Luis Heiniger et son épouse Bertha Heiniger, propriétaires de la bijouterie "La Perla", sont également des étrangers d'origine suisse qui se sont installés dans la ville au début du XXe siècle, se forgeant une grande réputation dans le domaine de l'horlogerie. Associés au Ferrocarril de Antioquia, ils ont produit une série de montres qui, aujourd'hui encore, jouissent d'une qualité légitime et sont précieusement conservées par les héritiers de ceux qui ont possédé l'une d'entre elles.

Figure 1. https://www.elcolombiano.com/blogs/casillerodeletras/wp-content/uploads/2012/12/La-Perla.jpg (consulté le 15 octobre 2022)

La présence de la communauté suisse a également donné naissance à une étape sportive fondamentale dans l'histoire du département. "En 1912, deux commerçants suisses : Jorge Herzig, a suivi une formation en éducation physique à Paris (France) et en sciences de l'éducation à Paris (France). John HeinigerLe premier club de football de la ville a été fondé par le jeune homme, qui était aussi un sportif et un connaisseur des règles du football : Sporting Foot-Ball Club".[3].

Le secteur alimentaire est également un autre domaine de l'économie et de l'industrie dans lequel la présence suisse a été pionnière.

En 1916, les Suisses Ernesto Vogt et Marcelo Vullerrnier figurent parmi les fondateurs de la Fábrica de Galletas y Confites El Papagayo, en tant qu'associés industriels. Cette entreprise a fusionné quelques années plus tard avec la Fábrica de Confites y Bombones de Chocolate Dux, qui a donné naissance à Noel S.A. à Medellín.[4].

Cependant, les produits alimentaires manufacturés et la construction croissante d'une modernité à Medellín, qui a vu le passage d'une ville à une métropole, ont permis de commencer à consommer plus fréquemment des biens et des services d'une nature différente. C'est ainsi qu'est née l'une des références les plus importantes de la culture gastronomique de Paisa :

En 1930, le Suisse Enrique Baer ouvre l'Astor Tea Salon à Medellín, en Colombie, où il était arrivé quelques années plus tôt pour travailler comme technicien en pâtisserie dans une chocolaterie. Dès le début, Don Enrique et son épouse Anny Gippert sont chargés de superviser la précision des processus et la qualité des produits proposés dans leur nouveau salon de thé Astor, dans un petit local de la Carrera Junín, l'épicentre social et commercial de la ville, avec cinq tables, dix employés et un équipement modeste et rudimentaire, compensé par les vastes connaissances de son propriétaire. [...] Sa clientèle se composait principalement des résidents européens de Medellín, fidèles depuis le début, et des membres les plus mondains de la société qui, après s'être promenés dans les rues pavées de la Carrera Junín ou avoir visité ses élégantes boutiques, venaient se régaler des délices d'El Astor ou acheter des confiseries raffinées pour les rapporter chez eux.[5].
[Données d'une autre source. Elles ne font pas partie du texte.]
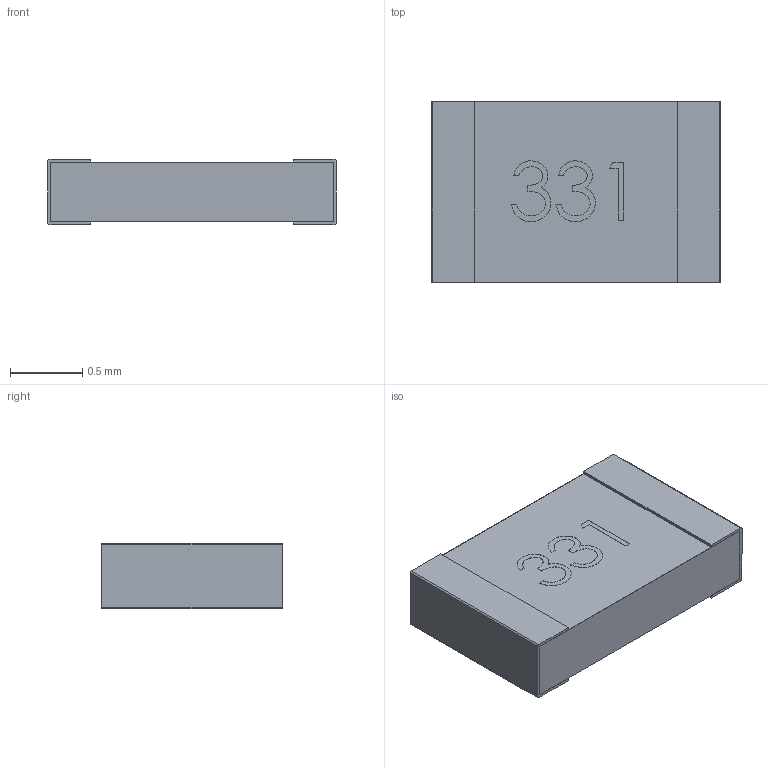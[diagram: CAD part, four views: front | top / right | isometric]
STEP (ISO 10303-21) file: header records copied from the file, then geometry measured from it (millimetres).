
FILE_DESCRIPTION (( 'STEP AP214' ), '1' );
FILE_NAME ('330R 5%.STEP', '2019-04-22T20:21:22', ( '' ), ( '' ), 'SwSTEP 2.0', 'SolidWorks 2013', '' );
FILE_SCHEMA (( 'AUTOMOTIVE_DESIGN' ));
Length unit declared in the file: millimetre
Products named in the file (4): p2; p3; p1; 330R 5%
Assembly tree (4 placements, depth 2):
  330R 5%
    p1
    p2  x2
    p3
Bounding box: 2 x 1.25 x 0.45 mm (x, y, z)
Volume: 1.1 mm3; surface area: 16.3 mm2
Topology: 4 solids, 4 shells, 79 faces, 204 edges, 136 vertices
Faces by surface type: plane 47, bspline 28, cylinder 4
Entity records: 4092 total; most frequent: CARTESIAN_POINT 1928, ORIENTED_EDGE 348, DIRECTION 214, EDGE_CURVE 174, VERTEX_POINT 116, LINE 114, VECTOR 114, EDGE_LOOP 70
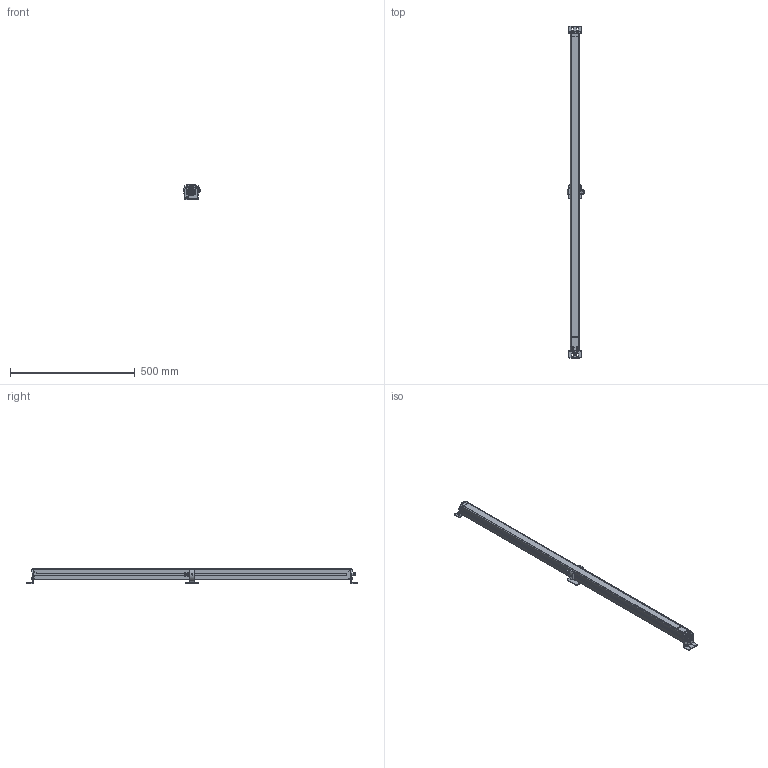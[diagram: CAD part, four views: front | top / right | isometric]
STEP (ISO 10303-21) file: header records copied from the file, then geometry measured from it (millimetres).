
FILE_DESCRIPTION((''),'2;1');
FILE_NAME('139508_SM01_ASM','2023-04-10T13:31:42',('banengservice'),('BANNER ENGINEERING'),'CREO PARAMETRIC BY PTC INC, 2022414','CREO PARAMETRIC BY PTC INC, 2022414','');
FILE_SCHEMA(('CONFIG_CONTROL_DESIGN'));
Products named in the file (9): 139508_EP01; 114483; 114482; 58892; 60139; 71756_ASM; 111087; 58892_GENERIC; 139508_SM01_ASM
Assembly tree (15 placements, depth 3):
  139508_SM01_ASM
    139508_EP01
    71756_ASM
      114483
      114482
      58892  x3
      60139  x2
    111087  x2
    58892_GENERIC  x4
Bounding box: 68.64 x 1328 x 63 mm (x, y, z)
Volume: 1868663.6 mm3; surface area: 310110.7 mm2
Topology: 14 solids, 20 shells, 2639 faces, 7209 edges, 4678 vertices
Faces by surface type: plane 1507, cylinder 787, bspline 246, torus 54, sphere 38, cone 7
Entity records: 93678 total; most frequent: CARTESIAN_POINT 42914, ORIENTED_EDGE 11138, DIRECTION 9604, EDGE_CURVE 5577, VERTEX_POINT 3620, VECTOR 3486, LINE 3486, AXIS2_PLACEMENT_3D 3059

La science, la joaillerie, le sport et l'alimentation sont quelques-uns des domaines que la communauté suisse est venue occuper dès la première décennie du siècle. Leur présence a contribué à transformer les modes de relations sociales et culturelles dans la ville naissante de Medellín, qui, au cours de ces décennies, émergeait tout juste en tant que ville moderne, désireuse de se libérer de son héritage colonial et d'ouvrir ses portes au monde moderne que les Suisses apportaient avec eux.

Dans les années 80, dans une ville en proie à l'inégalité sociale, un facteur que de nombreux humanistes et penseurs de notre contexte, comme le spécialiste de la santé Héctor Abad Gómez et la sociologue María Teresa Uribe, ont analysé comme un élément central de la crise de violence que la ville a connue au cours de cette décennie et que Medellín connaît toujours, on a assisté à une nouvelle flambée d'éminents citoyens suisses.

C'est dans ce contexte difficile que le Suisse Andreas Peter Hauri, Ángela Echavarría Toro, Consuelo Gutiérrez de Restrepo et leur groupe de compagnons appelé "El Costurero", ont entrepris en mai 1983 les premières démarches en vue de la création de la Fundación Presencia Colombo Suiza.[6]. C'est ainsi qu'est née une organisation qui, depuis cette décennie, se bat pour les enfants et les jeunes les plus démunis, non seulement dans le secteur de La Iguaná, comme on l'appelait à l'époque, mais aussi dans d'autres parties de la ville et dans l'est d'Antioquia, afin que les personnes les plus vulnérables puissent avoir accès à de meilleures conditions de vie grâce à l'éducation en tant que moyen de transformation sociale.

Andreas Peter HauriFondateur de l'ONG Presencia Colombo Suiza https://presencia.org.co/about/

Au début du XXIe siècle, l'entreprise suisse d'aliments laitiers Alpina, installée depuis 1945 dans la banlieue de Bogota et fondée par Max Bänziger et Walter Göggel, s'est implantée dans la commune d'Entrerríos, Antioquia, connue sous le nom d'Antioquia suisse, peut-être en raison du paysage montagneux et du grand nombre de bovins que l'on peut apercevoir dans le lointain.

Cette usine est entrée dans les plans de la multinationale colombienne en 2007 et a commencé à fonctionner en juin 2010, après un investissement d'environ 50 millions de dollars à l'époque. Elle reçoit actuellement environ 330 000 litres de lait par jour provenant de quelque 330 éleveurs de la région et emploie plus de 200 personnes, dont 76 sont originaires d'Entrerríos.[7].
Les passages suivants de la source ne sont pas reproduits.